Regulation, Strategy

SMSF body endorses six-member fund maximum

The SMSF Association has supported the move to six member funds adding their use will require specialist advice.

The SMSF Association has used its submission to the Senate Standing Committee on Economics to back the government’s proposal to increase the maximum number of members allowable in an SMSF from four to six.

The industry body has argued the move will provide additional flexibility and choice within the current retirement saving system.

“We think this is an important reform that will give families with five and six members the ability to establish an SMSF together or allow the remaining members of a family to join an SMSF, an option now unavailable to larger families,” SMSF Association chief executive John Maroney said.

“By allowing the pooling of superannuation balances by increasing SMSF members, it means individuals can enjoy the benefits of consolidating assets, increased investment opportunities and flexibility to diversify.”

According to Maroney, the ability of this proposed policy to allow more members into an SMSF who are in accumulation phase will assist trustees in managing any changes to imputation credit refunds.

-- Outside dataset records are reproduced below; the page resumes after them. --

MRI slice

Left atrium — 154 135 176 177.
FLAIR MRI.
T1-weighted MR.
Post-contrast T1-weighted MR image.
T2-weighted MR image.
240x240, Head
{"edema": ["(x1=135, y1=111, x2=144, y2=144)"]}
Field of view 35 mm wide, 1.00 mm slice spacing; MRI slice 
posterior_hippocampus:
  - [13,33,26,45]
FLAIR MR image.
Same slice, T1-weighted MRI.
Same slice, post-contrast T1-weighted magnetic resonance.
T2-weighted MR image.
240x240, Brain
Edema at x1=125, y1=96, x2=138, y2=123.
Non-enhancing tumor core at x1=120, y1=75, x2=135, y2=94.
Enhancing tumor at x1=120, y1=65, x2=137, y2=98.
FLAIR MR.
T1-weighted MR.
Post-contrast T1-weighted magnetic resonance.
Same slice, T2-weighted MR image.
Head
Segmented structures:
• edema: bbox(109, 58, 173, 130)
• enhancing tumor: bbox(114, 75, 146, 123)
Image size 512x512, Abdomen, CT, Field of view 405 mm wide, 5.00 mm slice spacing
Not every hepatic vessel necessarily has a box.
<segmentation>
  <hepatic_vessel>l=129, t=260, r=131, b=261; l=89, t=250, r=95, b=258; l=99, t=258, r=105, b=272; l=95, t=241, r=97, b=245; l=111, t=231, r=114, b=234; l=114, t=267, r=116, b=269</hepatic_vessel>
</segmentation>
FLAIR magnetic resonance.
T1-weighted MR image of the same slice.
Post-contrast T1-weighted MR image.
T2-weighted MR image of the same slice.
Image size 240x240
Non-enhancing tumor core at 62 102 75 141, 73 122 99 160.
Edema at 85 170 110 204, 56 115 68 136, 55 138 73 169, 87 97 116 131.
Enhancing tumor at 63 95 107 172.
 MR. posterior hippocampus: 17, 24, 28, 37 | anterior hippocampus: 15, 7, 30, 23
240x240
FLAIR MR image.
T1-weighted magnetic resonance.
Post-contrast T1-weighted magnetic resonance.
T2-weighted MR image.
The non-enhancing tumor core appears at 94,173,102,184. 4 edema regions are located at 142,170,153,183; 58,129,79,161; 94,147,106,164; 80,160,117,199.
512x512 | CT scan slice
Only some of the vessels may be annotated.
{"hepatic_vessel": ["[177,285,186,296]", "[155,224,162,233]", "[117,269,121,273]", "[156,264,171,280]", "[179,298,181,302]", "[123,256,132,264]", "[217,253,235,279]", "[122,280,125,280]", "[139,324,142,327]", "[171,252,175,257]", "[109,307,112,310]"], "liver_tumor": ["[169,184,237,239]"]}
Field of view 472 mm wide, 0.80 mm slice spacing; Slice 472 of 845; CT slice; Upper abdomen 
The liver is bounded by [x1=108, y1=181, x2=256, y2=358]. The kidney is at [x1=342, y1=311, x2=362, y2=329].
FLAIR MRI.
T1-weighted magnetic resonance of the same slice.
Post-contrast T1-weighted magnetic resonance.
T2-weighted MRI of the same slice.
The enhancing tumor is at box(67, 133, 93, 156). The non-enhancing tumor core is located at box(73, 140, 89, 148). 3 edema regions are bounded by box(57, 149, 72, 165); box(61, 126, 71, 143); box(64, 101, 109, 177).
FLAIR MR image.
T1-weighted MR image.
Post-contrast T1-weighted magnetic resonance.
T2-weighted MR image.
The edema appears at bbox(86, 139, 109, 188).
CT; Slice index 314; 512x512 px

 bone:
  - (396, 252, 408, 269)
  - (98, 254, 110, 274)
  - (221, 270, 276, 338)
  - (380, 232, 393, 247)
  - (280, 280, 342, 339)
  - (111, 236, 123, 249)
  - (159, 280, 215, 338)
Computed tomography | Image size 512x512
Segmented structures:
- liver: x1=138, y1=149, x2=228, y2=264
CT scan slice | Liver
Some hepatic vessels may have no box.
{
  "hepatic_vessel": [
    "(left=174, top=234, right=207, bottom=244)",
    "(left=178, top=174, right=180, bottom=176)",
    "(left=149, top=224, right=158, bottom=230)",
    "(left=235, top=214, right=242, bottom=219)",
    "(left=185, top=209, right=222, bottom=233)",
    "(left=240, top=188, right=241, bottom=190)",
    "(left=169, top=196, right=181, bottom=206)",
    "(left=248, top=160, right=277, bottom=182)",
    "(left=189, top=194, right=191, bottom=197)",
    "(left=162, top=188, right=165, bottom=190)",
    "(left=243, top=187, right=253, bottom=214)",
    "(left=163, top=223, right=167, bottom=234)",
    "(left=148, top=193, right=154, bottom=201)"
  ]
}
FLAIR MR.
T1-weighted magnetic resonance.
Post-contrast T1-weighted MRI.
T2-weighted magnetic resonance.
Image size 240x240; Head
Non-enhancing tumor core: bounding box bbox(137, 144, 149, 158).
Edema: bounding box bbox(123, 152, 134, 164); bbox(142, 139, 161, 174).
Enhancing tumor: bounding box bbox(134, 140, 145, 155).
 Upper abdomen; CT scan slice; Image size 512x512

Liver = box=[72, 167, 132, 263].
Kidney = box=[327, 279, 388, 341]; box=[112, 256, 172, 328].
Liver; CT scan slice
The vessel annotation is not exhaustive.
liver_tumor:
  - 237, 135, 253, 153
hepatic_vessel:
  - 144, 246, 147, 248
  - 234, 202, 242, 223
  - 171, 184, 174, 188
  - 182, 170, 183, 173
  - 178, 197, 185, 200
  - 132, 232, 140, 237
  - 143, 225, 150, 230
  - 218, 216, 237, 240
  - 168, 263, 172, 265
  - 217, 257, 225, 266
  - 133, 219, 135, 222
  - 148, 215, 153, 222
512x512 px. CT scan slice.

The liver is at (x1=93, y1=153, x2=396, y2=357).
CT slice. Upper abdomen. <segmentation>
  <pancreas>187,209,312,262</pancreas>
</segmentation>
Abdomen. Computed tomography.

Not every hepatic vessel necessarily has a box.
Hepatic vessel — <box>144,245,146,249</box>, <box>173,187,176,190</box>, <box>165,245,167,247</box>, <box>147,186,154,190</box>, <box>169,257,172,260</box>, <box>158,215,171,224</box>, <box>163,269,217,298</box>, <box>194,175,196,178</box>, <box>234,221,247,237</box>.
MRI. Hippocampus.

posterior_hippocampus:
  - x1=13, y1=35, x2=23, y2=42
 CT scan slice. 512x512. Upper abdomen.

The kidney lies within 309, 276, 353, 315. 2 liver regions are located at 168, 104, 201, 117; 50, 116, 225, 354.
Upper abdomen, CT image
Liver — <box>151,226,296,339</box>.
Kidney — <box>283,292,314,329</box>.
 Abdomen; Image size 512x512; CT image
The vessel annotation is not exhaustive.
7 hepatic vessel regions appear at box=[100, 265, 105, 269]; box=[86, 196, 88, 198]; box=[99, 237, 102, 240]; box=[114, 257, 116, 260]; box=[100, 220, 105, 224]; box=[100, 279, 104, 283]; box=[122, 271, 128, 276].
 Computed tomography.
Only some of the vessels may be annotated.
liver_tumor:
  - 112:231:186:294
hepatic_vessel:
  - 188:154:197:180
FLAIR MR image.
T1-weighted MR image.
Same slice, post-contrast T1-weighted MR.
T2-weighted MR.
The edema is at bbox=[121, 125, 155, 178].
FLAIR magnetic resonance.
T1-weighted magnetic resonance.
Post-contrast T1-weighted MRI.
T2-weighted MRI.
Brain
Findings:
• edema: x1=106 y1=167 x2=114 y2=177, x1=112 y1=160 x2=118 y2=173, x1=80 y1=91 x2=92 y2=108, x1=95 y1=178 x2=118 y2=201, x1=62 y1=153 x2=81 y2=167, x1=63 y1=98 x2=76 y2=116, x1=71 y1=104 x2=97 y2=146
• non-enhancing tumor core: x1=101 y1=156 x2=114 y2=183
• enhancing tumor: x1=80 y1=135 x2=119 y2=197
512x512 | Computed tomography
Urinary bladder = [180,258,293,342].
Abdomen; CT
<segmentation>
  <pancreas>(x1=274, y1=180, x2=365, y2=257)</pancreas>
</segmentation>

“This would provide extra flexibility for franking credits to be used to offset tax liabilities instead of being paid as refunds – an important consideration with Labor proposing to cancel cash refunds for excess franking credits,” he noted.

“Although this would result in more consistent treatment of franking credits with most large superannuation funds, it also serves to highlight one of the inequities of any proposal to deny franking credit refunds.”

An added advantage of the measure the association cited was the ability to allow future generations to play a role in sorting out significant matters such as trustee incapacity.

“From an intergenerational perspective, if children know how their parents’ affairs, finances and superannuation are managed, this familiarity can facilitate improved and more timely estate planning across the generations,” Maroney said.

“For example, including adult children in their ageing parents’ SMSF could help when making administrative and investment decisions for the fund.”

However, he stressed the importance of seeking specialist advice when looking to increase the number of younger members in a fund.

“Issues such as elder abuse, complex estate planning disputes and inappropriate investment strategies can occur in SMSFs with up to four members, so the possibility of allowing larger SMSFs could see this happen more often,” he warned.

“Accordingly, larger SMSFs should only be used in limited situations and with specialist SMSF advice.”